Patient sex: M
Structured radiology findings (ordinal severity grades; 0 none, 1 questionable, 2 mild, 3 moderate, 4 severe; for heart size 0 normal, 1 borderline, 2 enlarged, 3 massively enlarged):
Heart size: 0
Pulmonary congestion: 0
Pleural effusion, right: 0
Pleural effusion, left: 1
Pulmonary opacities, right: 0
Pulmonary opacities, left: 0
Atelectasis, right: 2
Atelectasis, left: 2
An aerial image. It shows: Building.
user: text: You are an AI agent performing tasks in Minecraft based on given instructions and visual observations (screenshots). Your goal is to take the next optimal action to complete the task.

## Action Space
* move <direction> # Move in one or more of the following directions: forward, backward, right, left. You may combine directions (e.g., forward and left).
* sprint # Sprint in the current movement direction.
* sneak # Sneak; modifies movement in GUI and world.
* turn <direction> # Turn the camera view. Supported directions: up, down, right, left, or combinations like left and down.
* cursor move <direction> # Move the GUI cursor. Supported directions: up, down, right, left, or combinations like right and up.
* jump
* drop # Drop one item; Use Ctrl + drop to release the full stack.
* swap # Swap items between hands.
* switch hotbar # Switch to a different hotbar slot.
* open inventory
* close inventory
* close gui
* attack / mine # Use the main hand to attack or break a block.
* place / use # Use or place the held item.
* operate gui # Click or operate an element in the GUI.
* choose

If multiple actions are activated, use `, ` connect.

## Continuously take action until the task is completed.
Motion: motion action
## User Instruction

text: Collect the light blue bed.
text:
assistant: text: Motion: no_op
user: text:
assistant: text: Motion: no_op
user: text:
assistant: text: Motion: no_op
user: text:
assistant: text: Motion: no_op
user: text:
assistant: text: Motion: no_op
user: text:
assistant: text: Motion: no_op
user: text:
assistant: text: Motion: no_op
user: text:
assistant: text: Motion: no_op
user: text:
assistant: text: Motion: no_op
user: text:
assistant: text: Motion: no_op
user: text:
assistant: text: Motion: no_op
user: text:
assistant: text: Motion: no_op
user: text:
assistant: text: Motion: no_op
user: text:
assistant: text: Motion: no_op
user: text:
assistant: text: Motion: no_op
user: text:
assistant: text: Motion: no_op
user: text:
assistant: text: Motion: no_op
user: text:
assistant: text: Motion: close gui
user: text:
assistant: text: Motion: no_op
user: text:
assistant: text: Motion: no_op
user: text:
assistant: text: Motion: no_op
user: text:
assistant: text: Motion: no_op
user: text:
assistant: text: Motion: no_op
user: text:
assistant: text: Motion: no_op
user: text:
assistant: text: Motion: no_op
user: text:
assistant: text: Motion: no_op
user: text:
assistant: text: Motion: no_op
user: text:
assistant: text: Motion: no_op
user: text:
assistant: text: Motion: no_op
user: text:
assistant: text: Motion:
•••
Aim of the task »
The material above must be returned in full, exactly as written.

Solution to this problem »
Patient sex: M
Structured radiology findings (ordinal severity grades; 0 none, 1 questionable, 2 mild, 3 moderate, 4 severe; for heart size 0 normal, 1 borderline, 2 enlarged, 3 massively enlarged):
Heart size: 0
Pulmonary congestion: 0
Pleural effusion, right: 0
Pleural effusion, left: 1
Pulmonary opacities, right: 0
Pulmonary opacities, left: 0
Atelectasis, right: 2
Atelectasis, left: 2
An aerial image. It shows: Building.
user: text: You are an AI agent performing tasks in Minecraft based on given instructions and visual observations (screenshots). Your goal is to take the next optimal action to complete the task.

## Action Space
* move <direction> # Move in one or more of the following directions: forward, backward, right, left. You may combine directions (e.g., forward and left).
* sprint # Sprint in the current movement direction.
* sneak # Sneak; modifies movement in GUI and world.
* turn <direction> # Turn the camera view. Supported directions: up, down, right, left, or combinations like left and down.
* cursor move <direction> # Move the GUI cursor. Supported directions: up, down, right, left, or combinations like right and up.
* jump
* drop # Drop one item; Use Ctrl + drop to release the full stack.
* swap # Swap items between hands.
* switch hotbar # Switch to a different hotbar slot.
* open inventory
* close inventory
* close gui
* attack / mine # Use the main hand to attack or break a block.
* place / use # Use or place the held item.
* operate gui # Click or operate an element in the GUI.
* choose

If multiple actions are activated, use `, ` connect.

## Continuously take action until the task is completed.
Motion: motion action
## User Instruction

text: Collect the light blue bed.
text:
assistant: text: Motion: no_op
user: text:
assistant: text: Motion: no_op
user: text:
assistant: text: Motion: no_op
user: text:
assistant: text: Motion: no_op
user: text:
assistant: text: Motion: no_op
user: text:
assistant: text: Motion: no_op
user: text:
assistant: text: Motion: no_op
user: text:
assistant: text: Motion: no_op
user: text:
assistant: text: Motion: no_op
user: text:
assistant: text: Motion: no_op
user: text:
assistant: text: Motion: no_op
user: text:
assistant: text: Motion: no_op
user: text:
assistant: text: Motion: no_op
user: text:
assistant: text: Motion: no_op
user: text:
assistant: text: Motion: no_op
user: text:
assistant: text: Motion: no_op
user: text:
assistant: text: Motion: no_op
user: text:
assistant: text: Motion: close gui
user: text:
assistant: text: Motion: no_op
user: text:
assistant: text: Motion: no_op
user: text:
assistant: text: Motion: no_op
user: text:
assistant: text: Motion: no_op
user: text:
assistant: text: Motion: no_op
user: text:
assistant: text: Motion: no_op
user: text:
assistant: text: Motion: no_op
user: text:
assistant: text: Motion: no_op
user: text:
assistant: text: Motion: no_op
user: text:
assistant: text: Motion: no_op
user: text:
assistant: text: Motion: no_op
user: text:
assistant: text: Motion:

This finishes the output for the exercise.